Task goal
Give the entries below again exactly. Their pictures are not needed.
Data for the task Block Start
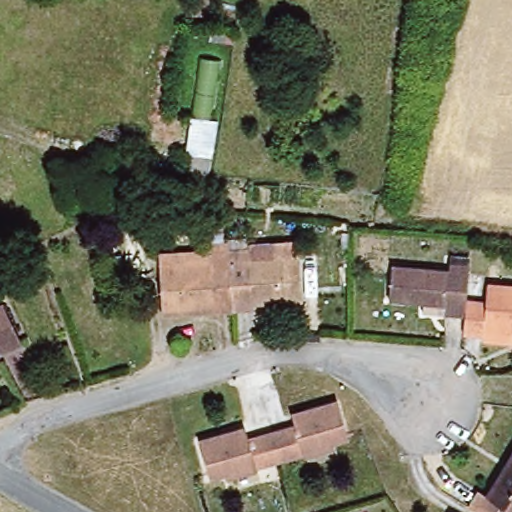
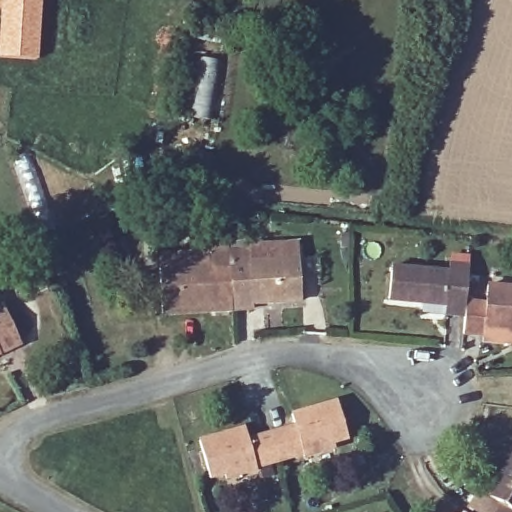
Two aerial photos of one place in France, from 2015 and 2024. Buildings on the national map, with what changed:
new [(0,0),(42,0),(38,61),(0,57),(0,5),(0,0)]
unchanged [(225,255),(230,311),(205,315),(204,307),(159,312),(154,272),(201,268),(200,253),(225,251),(225,255)]
unchanged [(225,255),(246,254),(247,263),(296,258),(300,299),(247,305),(249,310),(230,311),(225,255)]
unchanged [(462,307),(462,320),(437,320),(437,308),(378,303),(379,267),(441,271),(441,262),(465,265),(462,307)]
unchanged [(462,307),(482,306),(483,288),(512,289),(512,332),(482,330),(480,341),(461,341),(462,320),(462,307)]
unchanged [(15,343),(0,351),(0,311),(15,343)]
unchanged [(282,435),(283,439),(292,435),(288,417),(330,406),(341,442),(328,446),(328,452),(301,460),(296,457),(277,463),(270,437),(282,435)]
unchanged [(277,463),(251,471),(251,473),(222,483),(221,478),(207,481),(197,445),(240,433),(245,448),(270,437),(277,463)]
unchanged [(467,490),(475,493),(511,435),(512,435),(512,512),(469,512),(457,505),(467,490)]
Data for the task Block End
Result for this task
Two aerial photos of one place in France, from 2015 and 2024. Buildings on the national map, with what changed:
new [(0,0),(42,0),(38,61),(0,57),(0,5),(0,0)]
unchanged [(225,255),(230,311),(205,315),(204,307),(159,312),(154,272),(201,268),(200,253),(225,251),(225,255)]
unchanged [(225,255),(246,254),(247,263),(296,258),(300,299),(247,305),(249,310),(230,311),(225,255)]
unchanged [(462,307),(462,320),(437,320),(437,308),(378,303),(379,267),(441,271),(441,262),(465,265),(462,307)]
unchanged [(462,307),(482,306),(483,288),(512,289),(512,332),(482,330),(480,341),(461,341),(462,320),(462,307)]
unchanged [(15,343),(0,351),(0,311),(15,343)]
unchanged [(282,435),(283,439),(292,435),(288,417),(330,406),(341,442),(328,446),(328,452),(301,460),(296,457),(277,463),(270,437),(282,435)]
unchanged [(277,463),(251,471),(251,473),(222,483),(221,478),(207,481),(197,445),(240,433),(245,448),(270,437),(277,463)]
unchanged [(467,490),(475,493),(511,435),(512,435),(512,512),(469,512),(457,505),(467,490)]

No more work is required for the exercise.